Types of AI in Legal Technology
AI Type What It Does Common Legal Use Cases Strengths Limitations/Cautions
Extractive AI Finds and retrieves existing information from a dataset or document. Retrieving case summaries; extracting clauses from contracts; pulling statutes or citations Fast and focused; based on real, existing content Limited to available data; no generation or rephrasing; quality depends on source
Generative AI Creates new content based on learned patterns from massive training datasets Drafting memos, outlines, or summaries; rephrasing legal information; brainstorming Can accelerate processes; Adapts to different tones or styles May fabricate sources or details ("hallucinate"); no fact-checking
Agentic AI Takes initiative to plan, decide, and act toward goals with minimal user input Automating entire workflows; monitoring litigation dockets Automates multi-step processes; can save significant time

Can make autonomous errors; requires strong guardrails and human oversight.

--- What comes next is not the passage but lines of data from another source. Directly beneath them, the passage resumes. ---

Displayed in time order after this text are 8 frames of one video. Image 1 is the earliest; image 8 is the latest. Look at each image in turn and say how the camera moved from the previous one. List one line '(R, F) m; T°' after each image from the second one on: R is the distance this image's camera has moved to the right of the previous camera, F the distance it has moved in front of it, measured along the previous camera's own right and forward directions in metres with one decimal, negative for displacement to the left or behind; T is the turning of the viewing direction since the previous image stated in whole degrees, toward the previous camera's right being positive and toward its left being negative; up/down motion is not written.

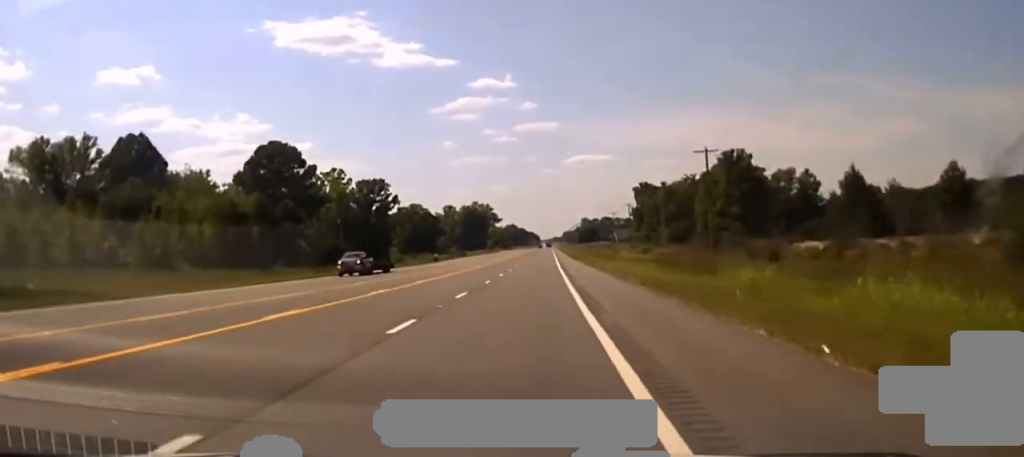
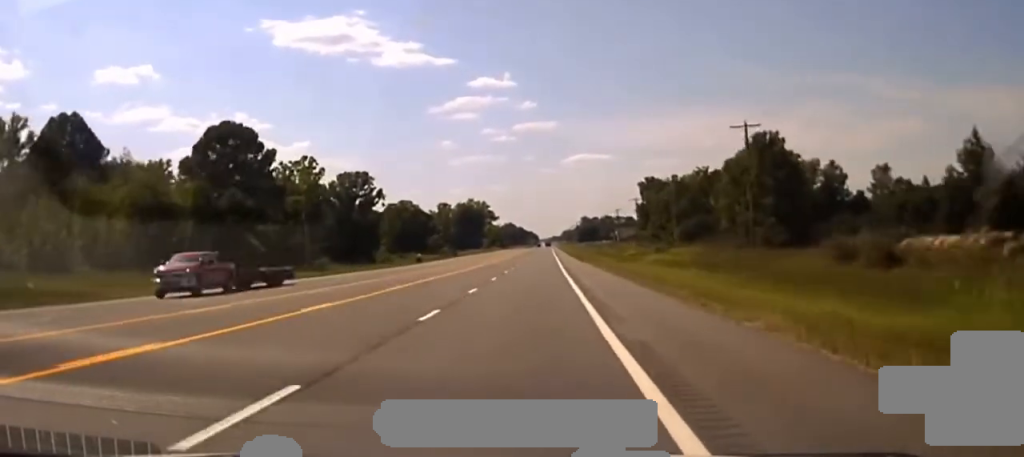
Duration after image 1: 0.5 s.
(0.0, +19.3) m; 0°
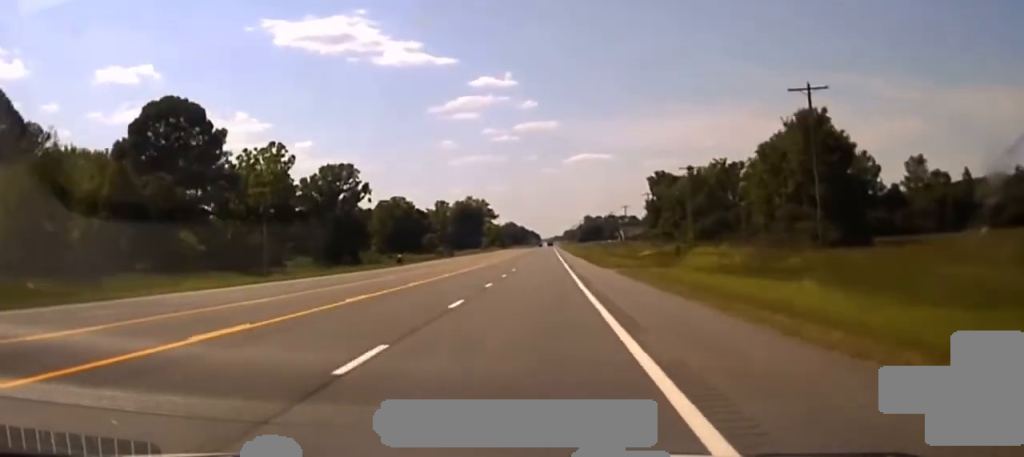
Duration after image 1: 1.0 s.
(0.0, +19.4) m; 0°
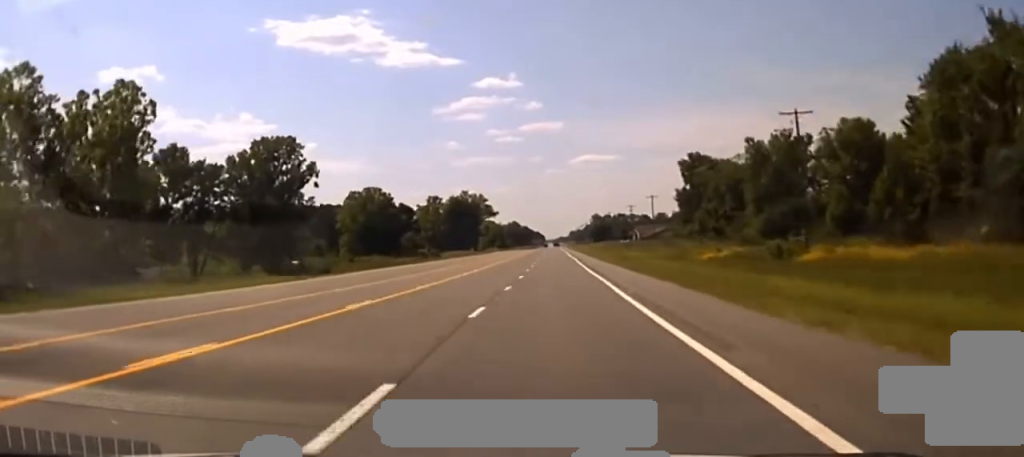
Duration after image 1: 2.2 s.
(0.0, +56.6) m; 0°
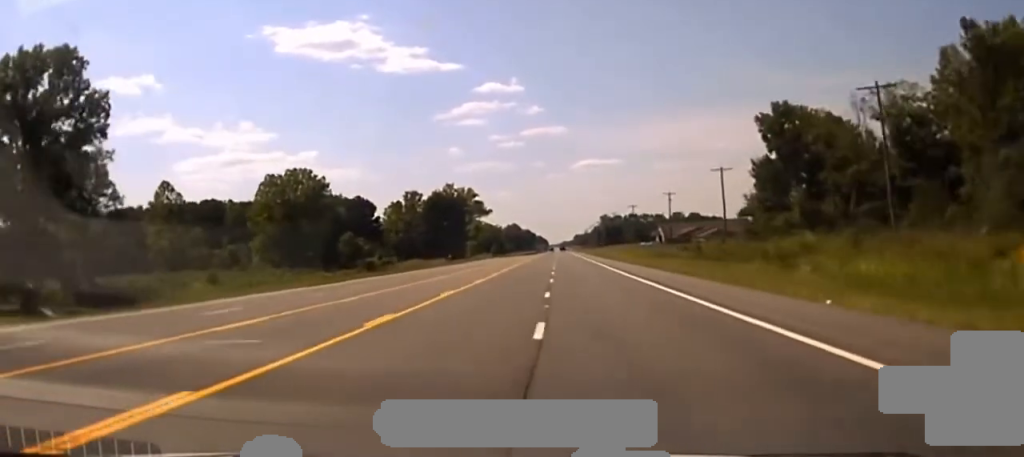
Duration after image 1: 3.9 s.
(-0.6, +85.9) m; -1°
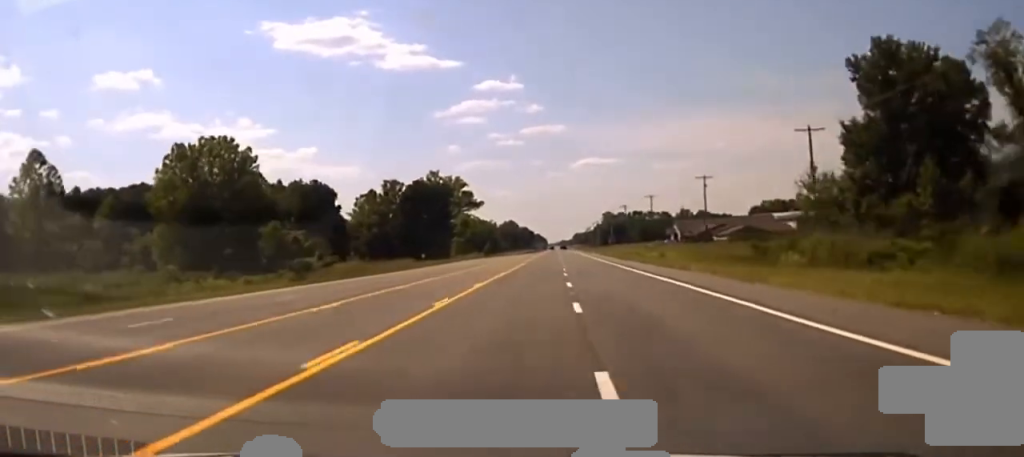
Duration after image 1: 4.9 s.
(0.0, +45.2) m; 0°
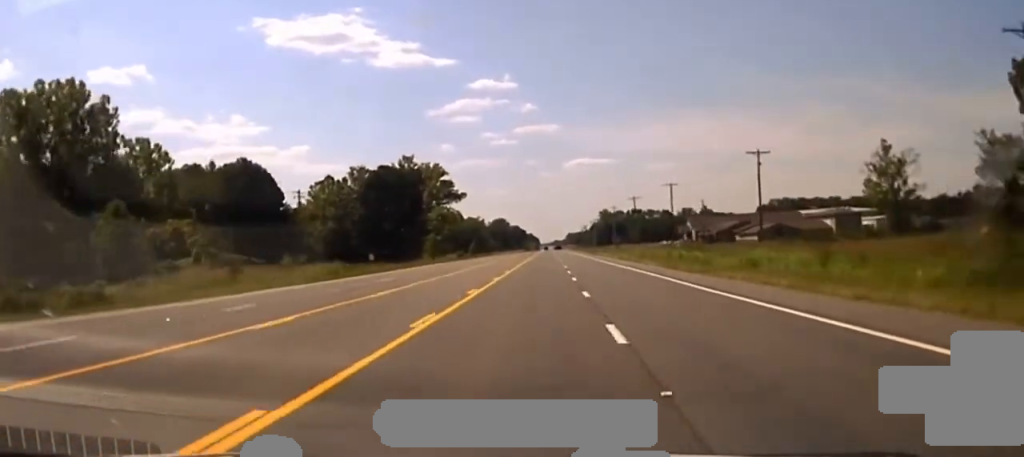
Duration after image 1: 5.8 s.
(+0.3, +42.5) m; +1°
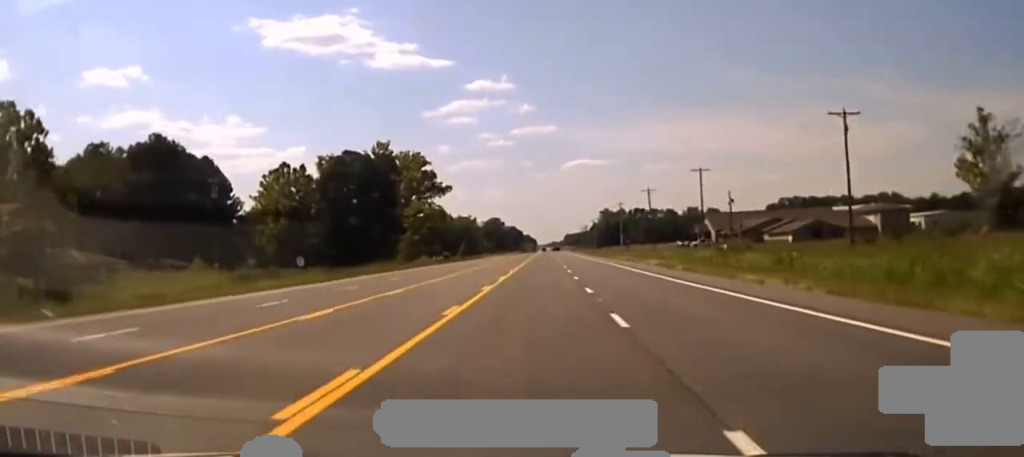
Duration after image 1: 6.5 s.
(+0.1, +32.2) m; 0°

Impact of Generative AI on Legal Practice

Generative AI is already influencing how legal work gets done, from drafting documents to researching unfamiliar areas of law. Major law firms, courts, and bar associations across the U.S. have issued guidance addressing its use, signaling the profession’s growing recognition of both the potential and the risks. In August 2024, the ABA Task Force on Law and Artificial Intelligence released a report examining how AI is reshaping legal work. The report addresses legal ethics, and professional responsibility, court systems and procedural fairness, access to justice and systemic equity, legal education and workforce development, and risk management and AI governance.

These tools can assist with:

  • Legal research (e.g., generating preliminary overviews or helping locate relevant authority),
  • Drafting (e.g., creating rough outlines of memos, contracts, or client communications), and
  • Analysis (e.g., reviewing contracts or summarizing long documents).

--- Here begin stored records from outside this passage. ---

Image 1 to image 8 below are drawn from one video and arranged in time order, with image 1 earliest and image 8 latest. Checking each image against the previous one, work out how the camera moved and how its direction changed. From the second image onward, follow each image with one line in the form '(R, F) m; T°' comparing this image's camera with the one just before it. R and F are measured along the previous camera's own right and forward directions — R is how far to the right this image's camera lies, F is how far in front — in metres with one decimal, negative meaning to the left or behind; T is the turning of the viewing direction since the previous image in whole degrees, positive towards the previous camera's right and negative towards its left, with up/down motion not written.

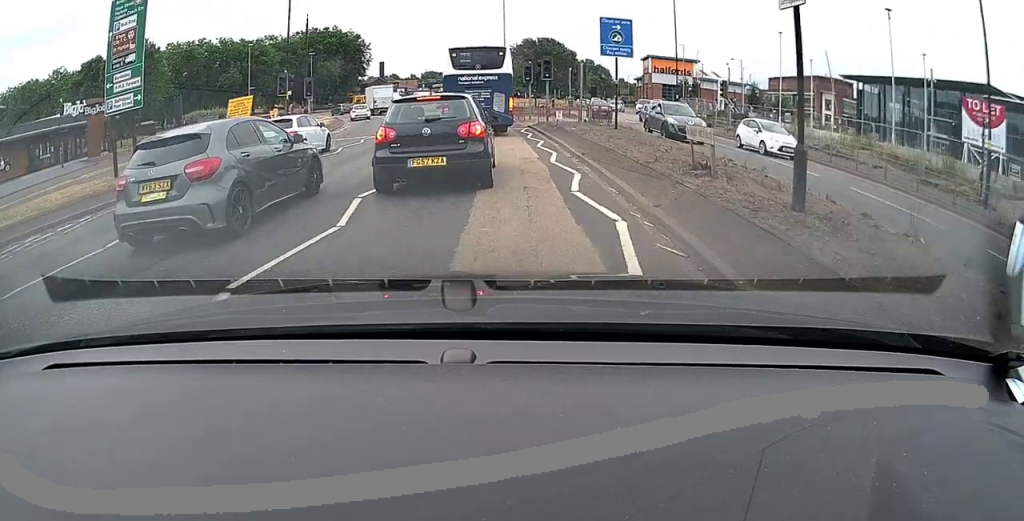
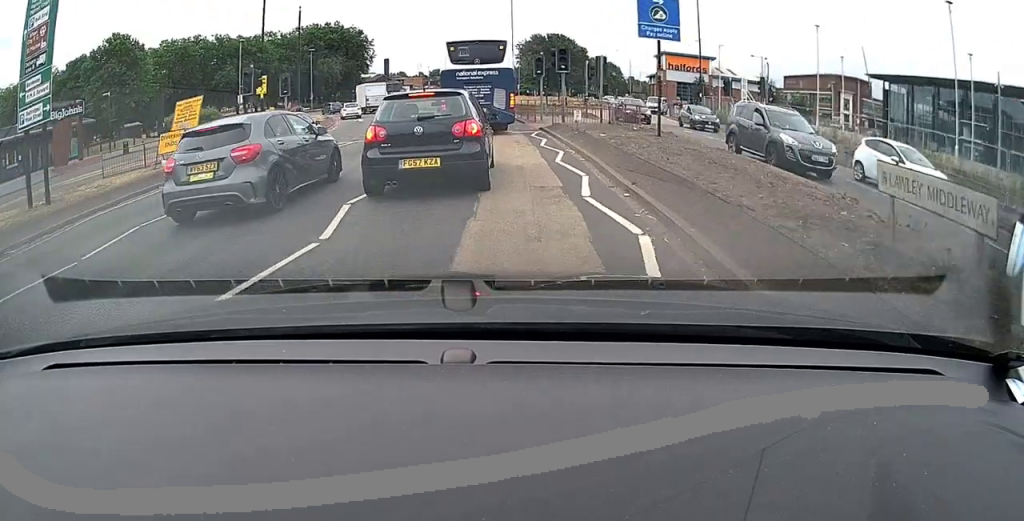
(0.0, +4.7) m; -1°
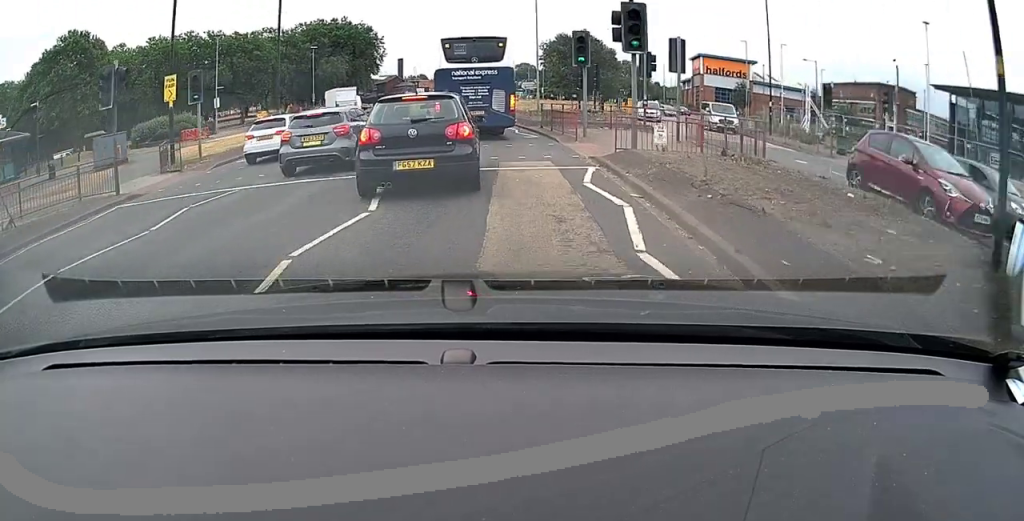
(-0.2, +11.0) m; -3°
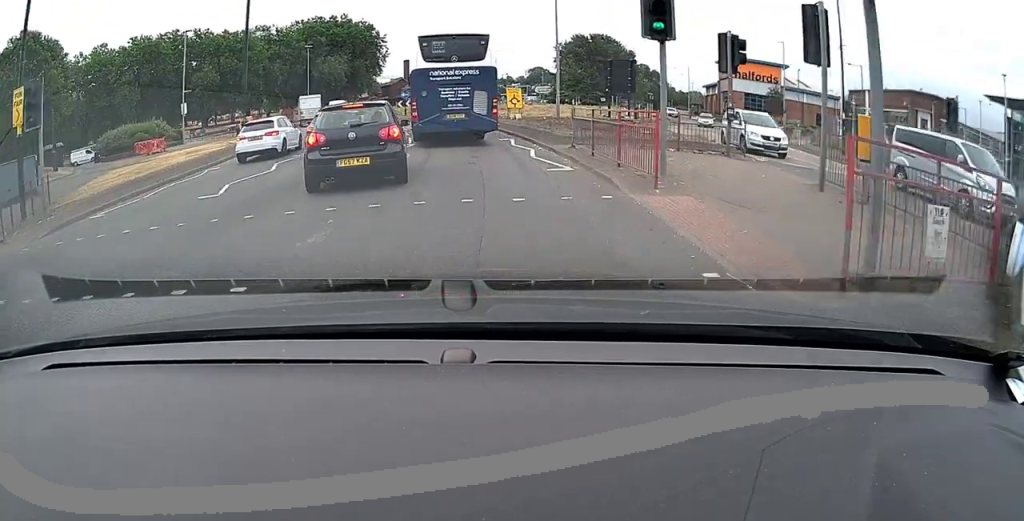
(-0.2, +9.0) m; -2°
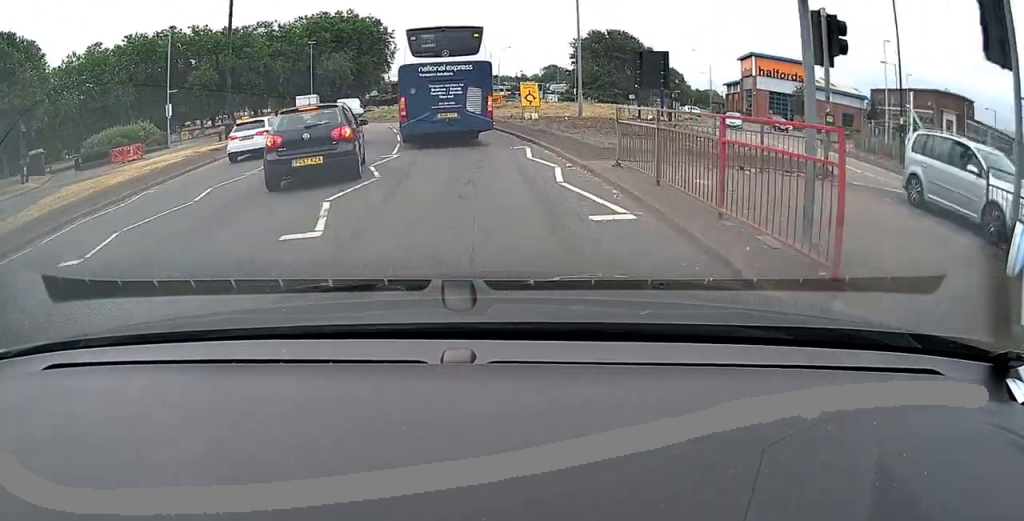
(0.0, +4.5) m; -2°
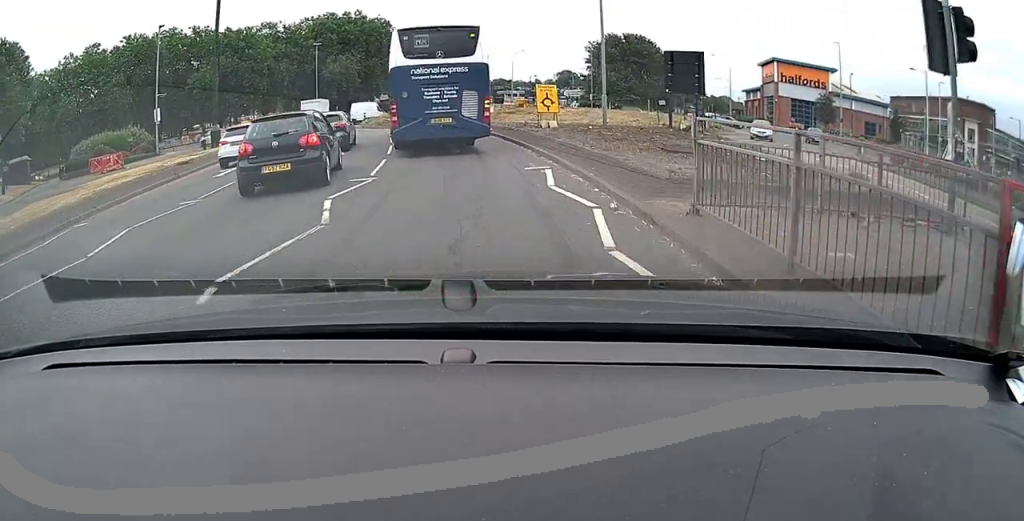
(-0.1, +3.5) m; -2°
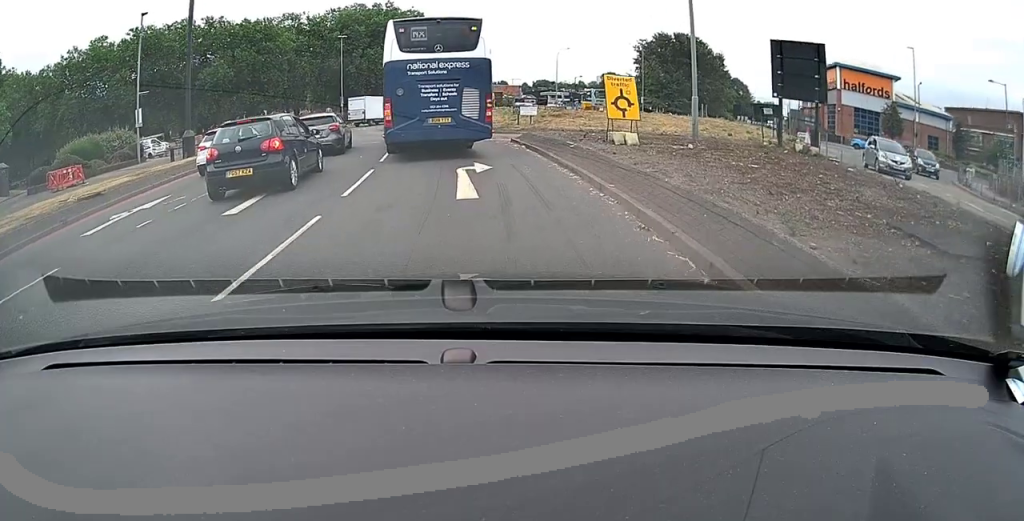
(-0.3, +7.7) m; -4°
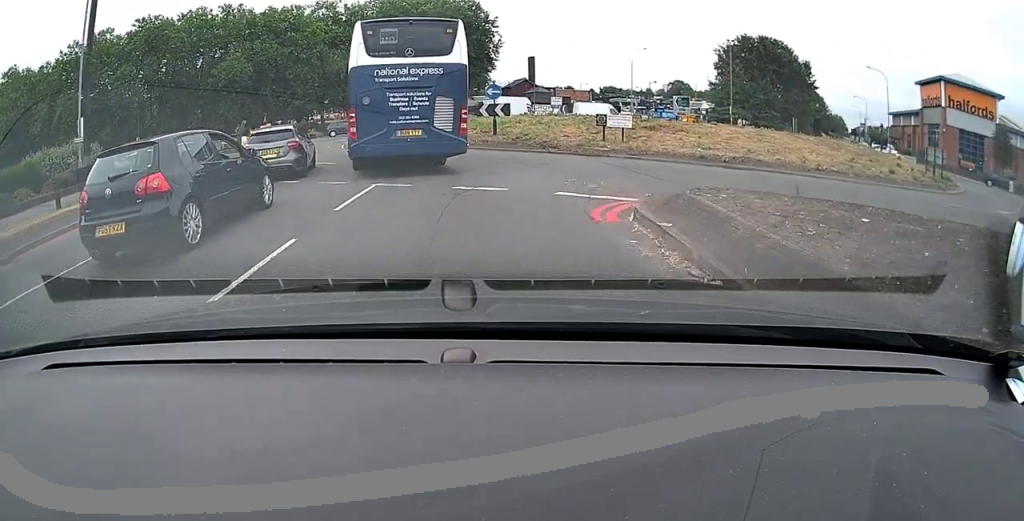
(-0.5, +11.5) m; -8°

But they also raise significant concerns. Among them:

  • Confidentiality: Is the data entered into the tool stored or shared?
  • Accuracy: Are the outputs factually and legally correct?
  • Ethics and oversight: Is the tool’s use consistent with professional obligations?
  • Unauthorized practice: Are non-lawyers using AI-generated content in ways that cross legal boundaries?

These considerations and others are discussed in greater detail in the section Risks and Ethical Considerations in Using Gen AI. Before using generative AI in a legal setting, consider the following questions to help you identify potential ethical, practical, and professional concerns:

  • What sources does the tool use? Does it draw from reliable legal materials, or is it trained on general web content? Has it been fine-tuned for legal use?
  • Does it cite its sources? Can you verify the legal authority it references, or does it “hallucinate” citations that don’t exist?
  • What is the tool designed for? Is it built for legal research, legal drafting, or general writing? A tool made for creative writing may not be appropriate for legal analysis.
  • When in the workflow should you use it? Is it best for brainstorming, early drafting, or summarizing? Use it to support, not replace, legal reasoning and validation.
  • Are there limits or restrictions on its use? Your school, employer, or jurisdiction may have policies that govern acceptable use of AI tools.
  • Is your input secure and confidential? Check the platform’s privacy policy. Some tools store prompts, user data, or outputs, which may pose risks when handling sensitive information.